La progression de la mobilité sociale des jeunes "interrompue depuis le début des années 2000"

"La progression de la mobilité sociale s'est interrompue depuis le début de la décennie 2000", selon France Stratégie - Joël Saget / AFP
L'origine sociale pèse sur le destin des jeunes en France, et les politiques publiques menées pour y faire face, aux moyens jugés modestes, restent morcelées et peu coordonnées, sans s'attaquer structurellement aux racines des inégalités, souligne un rapport de France Stratégie publié ce mardi.
"Les perspectives de promotion sociale se sont améliorées depuis trente-cinq ans pour tous les jeunes, sous l'effet de l'augmentation de la part des emplois de professions intermédiaires, cadres et professions intellectuelles supérieures", analyse France Stratégie, service de prospective de Matignon.

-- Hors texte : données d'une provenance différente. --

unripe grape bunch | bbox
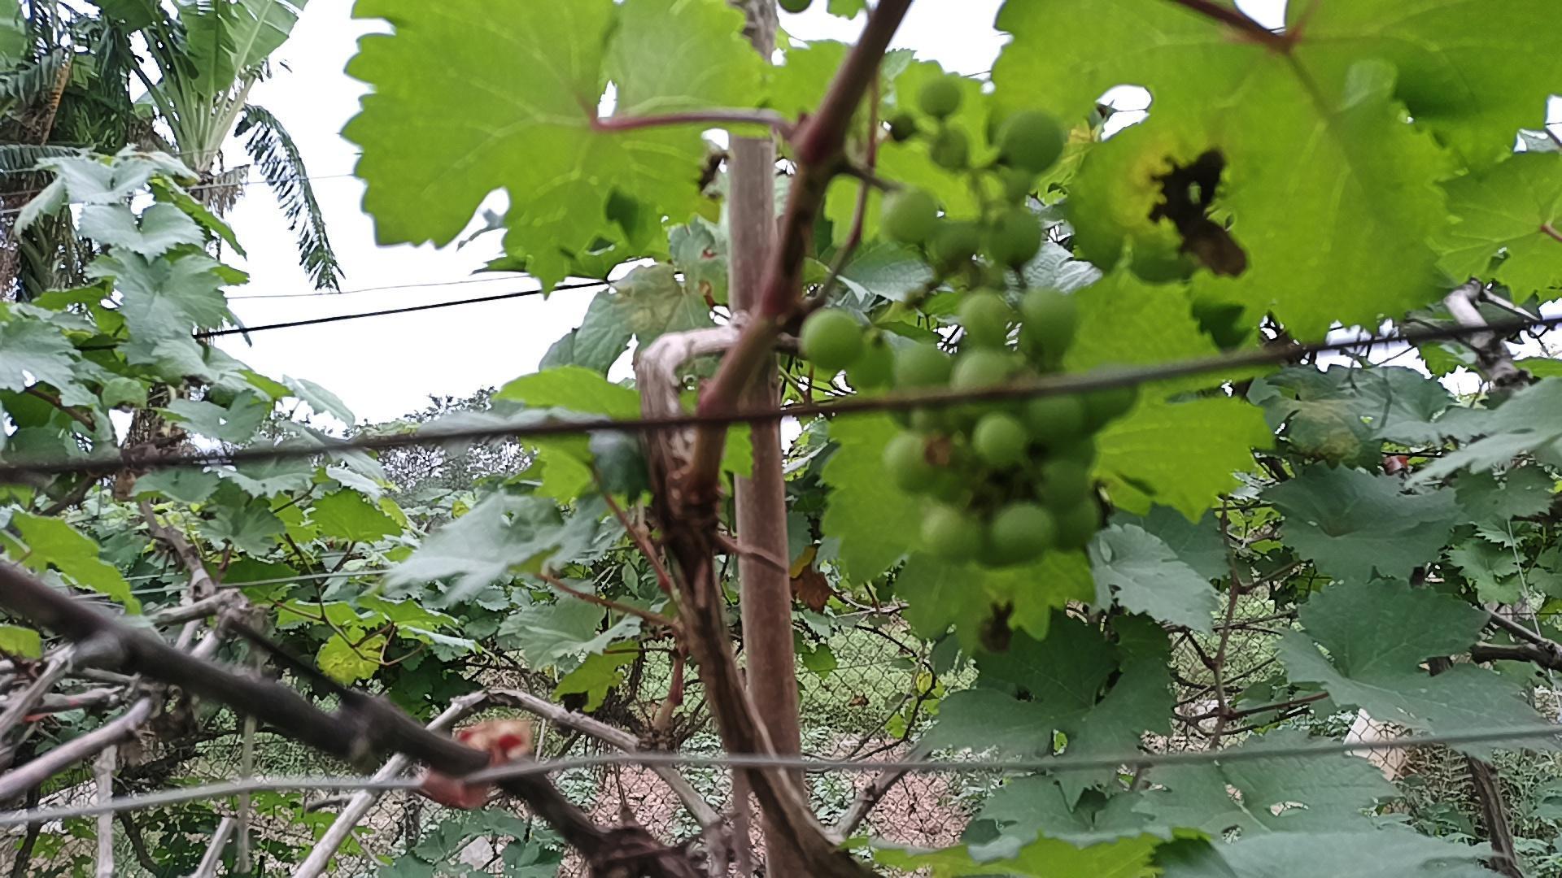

Mais, si le développement de ces emplois qualifiés a bénéficié aux jeunes de tous milieux, "cette progression de la mobilité sociale s'est interrompue depuis le début de la décennie 2000", une détérioration qui "concerne surtout les jeunes hommes", ajoute-t-il.
69% des jeunes issus d'une famille ouvrière occupent un emploi d'ouvrier ou d'employé
Ainsi, les jeunes occupent "souvent la même position que leurs parents", constate le rapport: en 2019, cinq à huit ans après la fin de leurs études, plus de 80% de ceux nés dans des familles à "dominante cadre" exerçaient un emploi de cadre ou profession intellectuelle supérieure ou intermédiaire, et 69% de ceux issus d'une famille ouvrière un emploi d'ouvrier ou d'employé. Ce poids de l'origine "s'observe dès leur entrée sur le marché du travail", avec un diplôme qui diffère "fortement" selon le milieu social, poursuit le rapport.
Face à cette situation, les politiques publiques en faveur de la mobilité sociale des jeunes sont "multiples" (plus de 50 dispositifs de l'État en 2022) et d'une "grande hétérogénéité", explique le rapport. La moitié portent sur l'éducation, 40% sur l'emploi et le reste sur d'autres domaines, comme la culture ou la citoyenneté. Les moyens engagés se chiffrent à 13 milliards d'euros en 2022, soit environ 12,5% des moyens alloués par l'Etat à la jeunesse, détaille-t-il, avec une "grande dispersion des efforts", "éclatés entre différents ministères et administrations".
En outre, ces dispositifs ont "une approche largement curative", observe-t-il, s'attelant à "réparer ce que les politiques publiques de l'éducation et de l'emploi ont du mal à atteindre: l'égalité des chances", et manquent "d'articulation et de coordination".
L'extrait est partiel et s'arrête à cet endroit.